The idea of recreation has evolved over the years and like everything else that undergoes change it too has its pros and cons. The New Indian Economic Policy of 1991 exposed Gen Y (usually those born somewhere from the late 1970s or early 1980s to the early 2000s) to a life style totally different from that followed by those who came before them. We not only started using global products and services but also consequently began imbibing global ideas and aping global culture. Overtime the threads of this ‘new way of life’ were inevitably sewn into the fabric of Indian culture; for better or for worse. Today, we follow a blend of various cultures; not just those since LPG (Liberalisation Privatisation Globalisation) but even long before that. A classic example of unity in diversity, India has tasted many a foreign rule and is the melting pot of a plethora of traditions, customs and cultures that these foreigners brought with them. How then can one individual or institution decide what ‘Indian culture’ is? One could only state inclusive definitions and not exhaustive ideas of the same.
The lifestyle change ushered in by global exposure trickled down to the minutest of aspects – food, clothes, language…Wearing baggy jeans or donning a tank top doesn’t spell indecency; it’s mere evidence of ‘the change’. In the past decade or so we have witnessed an alteration in the male-female rapport paradigm. This can be attributed to many factors like increasing number of co-ed schools, cumulative effects of gender equality initiatives and portrayal of the new male-female equation by media. It’s not surprising that the youth today enjoy a higher comfort level with members of the opposite gender as opposed to those in the past. Again, enjoying recreational activities with the opposite gender doesn’t spell indecency; it’s mere evidence of ‘the change’. So were these youngsters who were allegedly ‘partying’ at fault?
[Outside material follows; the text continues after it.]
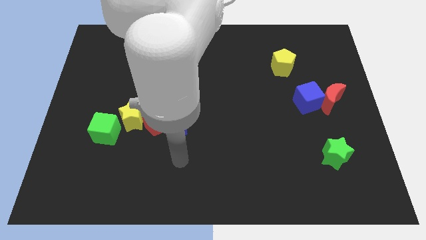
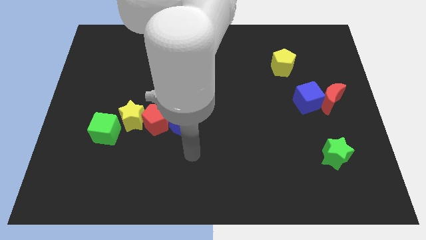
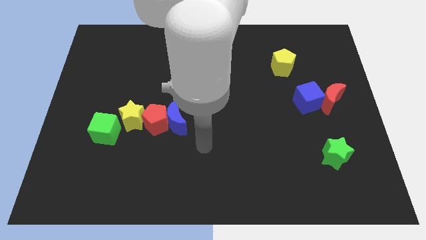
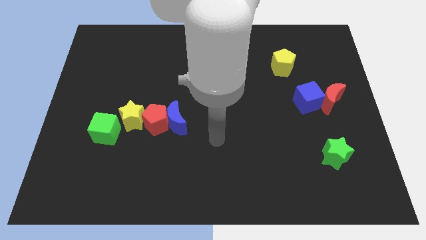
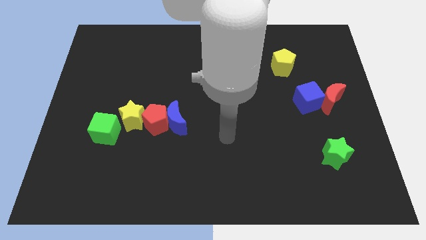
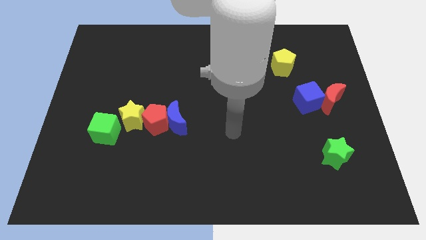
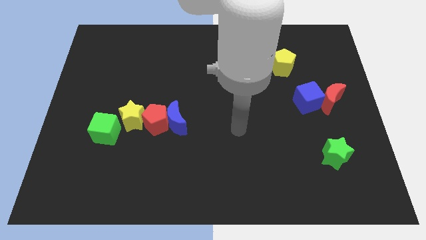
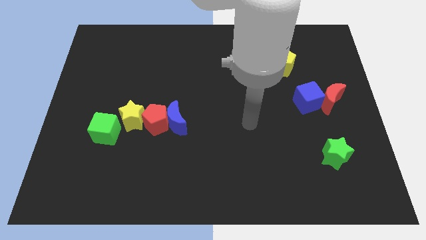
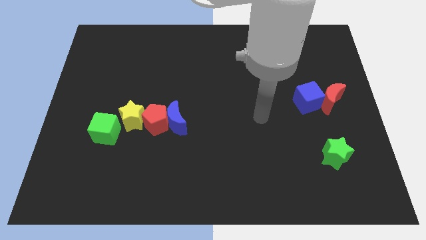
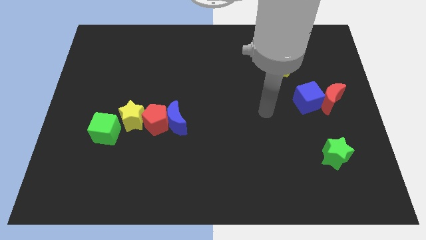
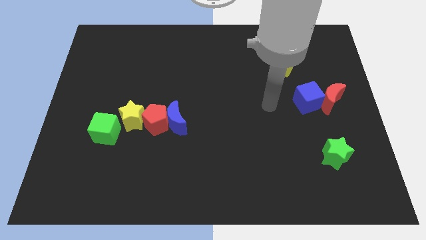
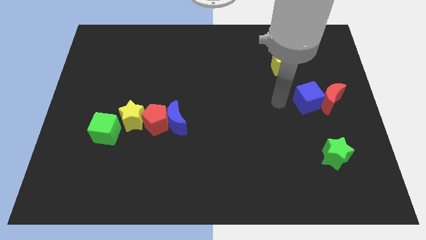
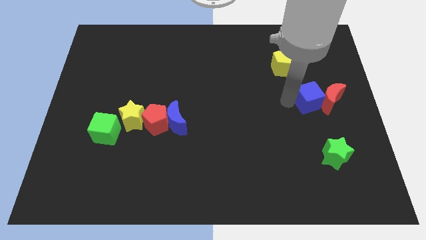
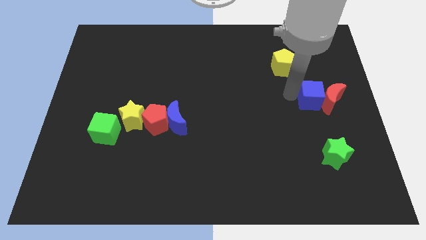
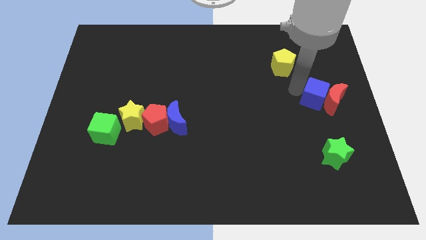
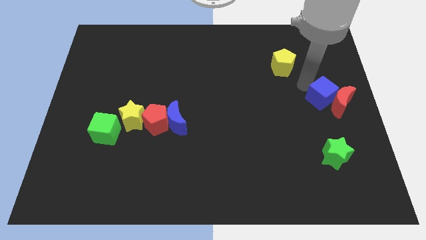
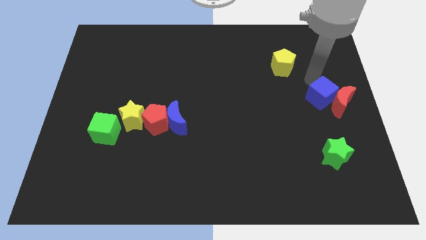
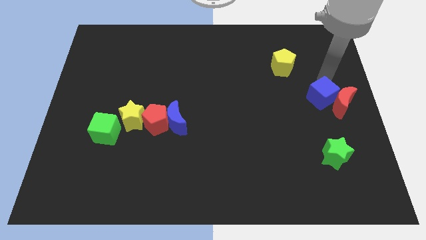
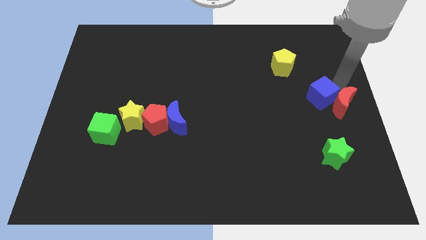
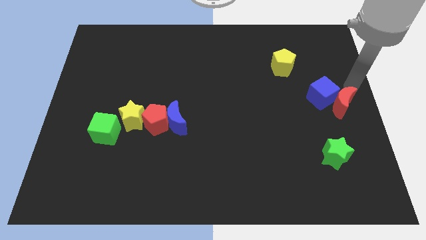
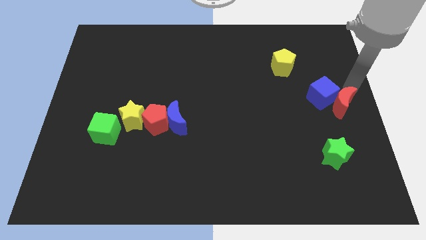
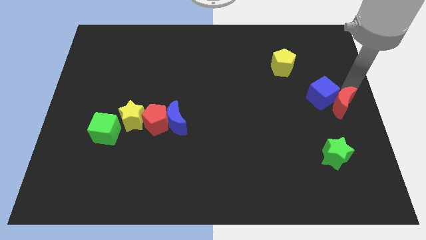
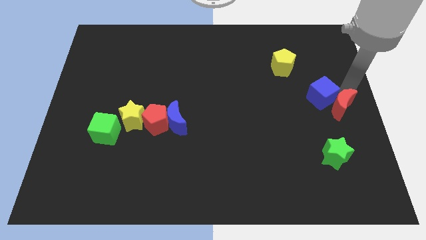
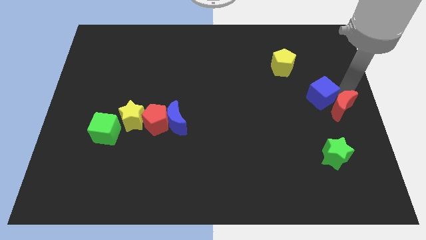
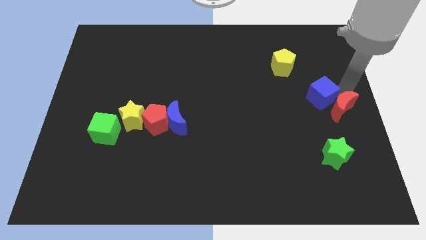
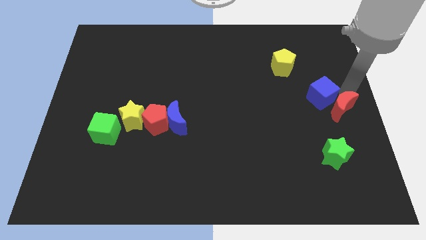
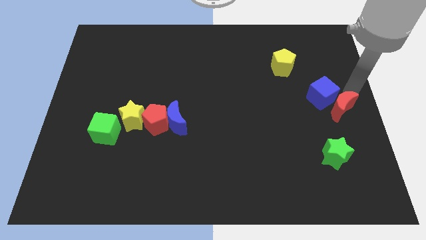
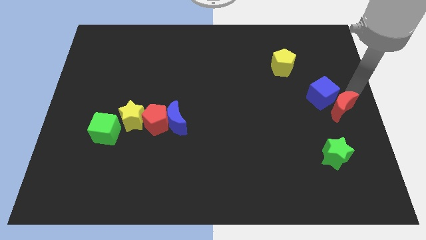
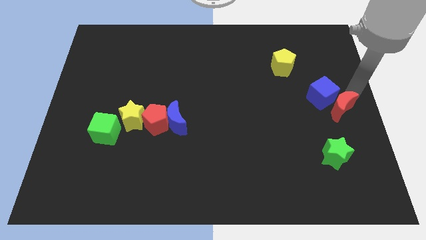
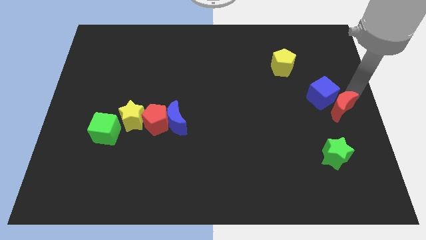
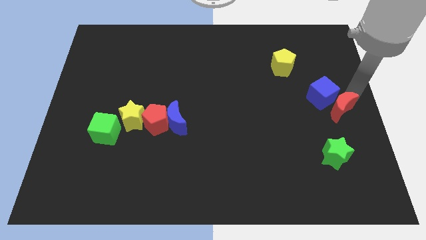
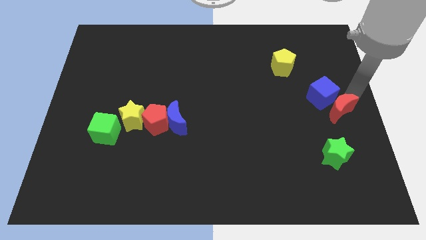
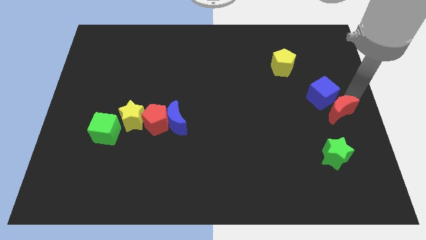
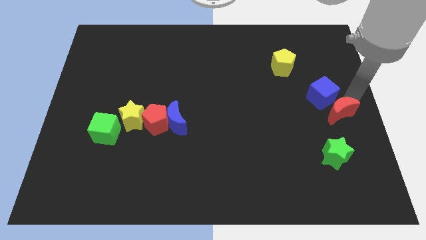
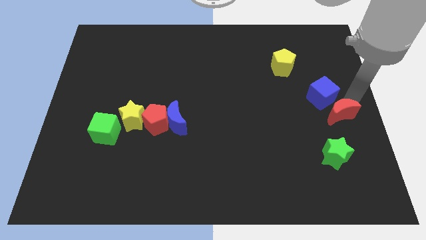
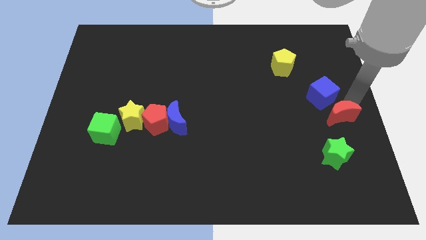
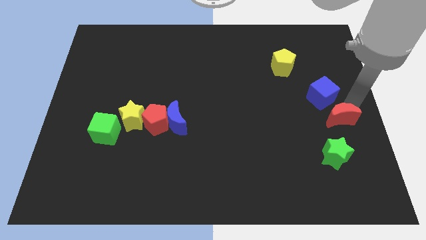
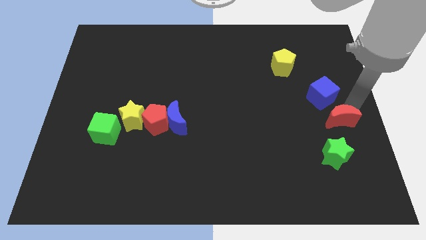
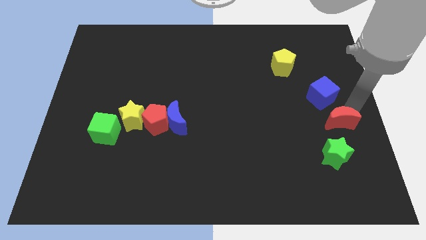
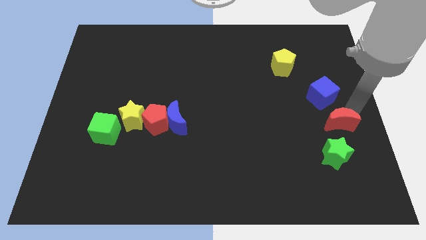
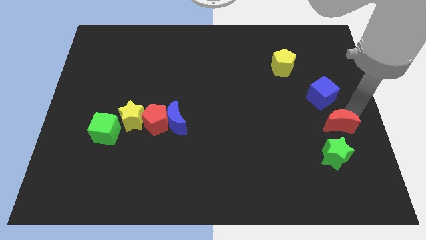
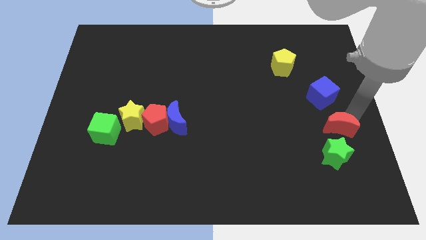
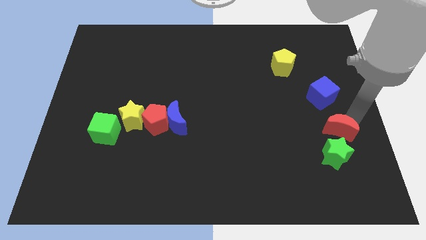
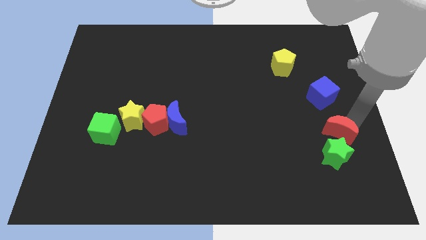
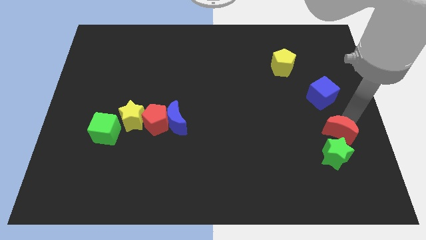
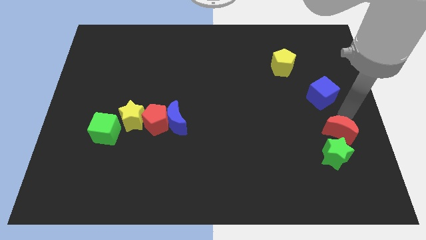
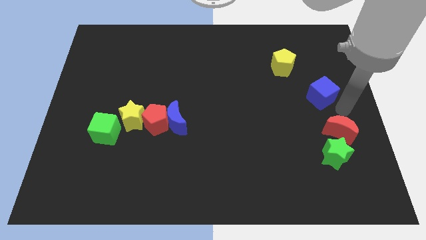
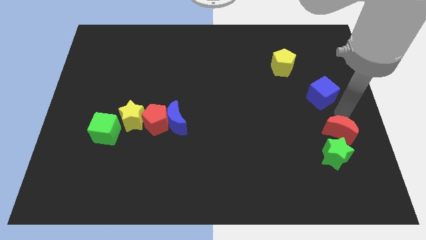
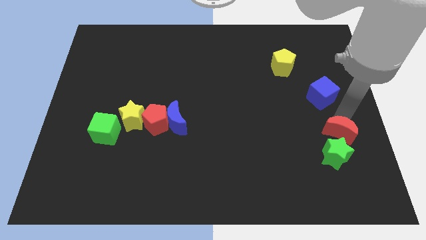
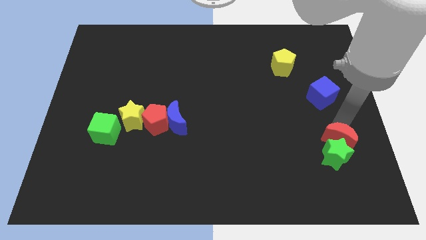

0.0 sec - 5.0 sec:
push the red moon close to the green star

Well, sadly one only posses control over one’s own actions and so it’s best if the youth today finds safer or alternative recreational zones. Small precautions like trying to get home early, avoiding hard drinks especially during late night parties and avoiding regular late night parties with a mixed gender group wouldn’t cost our generation much. After all, all we want to do is have fun! That doesn’t mean one stops living life by one’s own rules; it only means that it is a bad bad world out there and a certain degree of compromise is demanded from each one of us unless we plan on migrating to mars. No, we cannot go about trying to change world and the sooner we realise this the better it will be for us and for those around us.
Now assuming that the group of boys and girls at the resort in Mangalore were ‘wrongly partying’, is the reaction of the so called curators justified? Was the violence exhibited by the ‘keepers of our culture’ the only solution – slapping and trashing the girls and man handling the boys? Who gave you right to discern right and wrong for these youngsters? And if you assumed the authority to safe guard your idea of Indian culture wasn’t it your responsibility not to resort to such preposterous behaviour?
The question here is not about who is guilty. Rather, we need to focus on how we ought to deal with what may be a social vice. One wrong thought, word or action doesn’t have the power to correct another wrong thought, word or action. No, we can not make two negatives a positive; this is not mathematics, this is life!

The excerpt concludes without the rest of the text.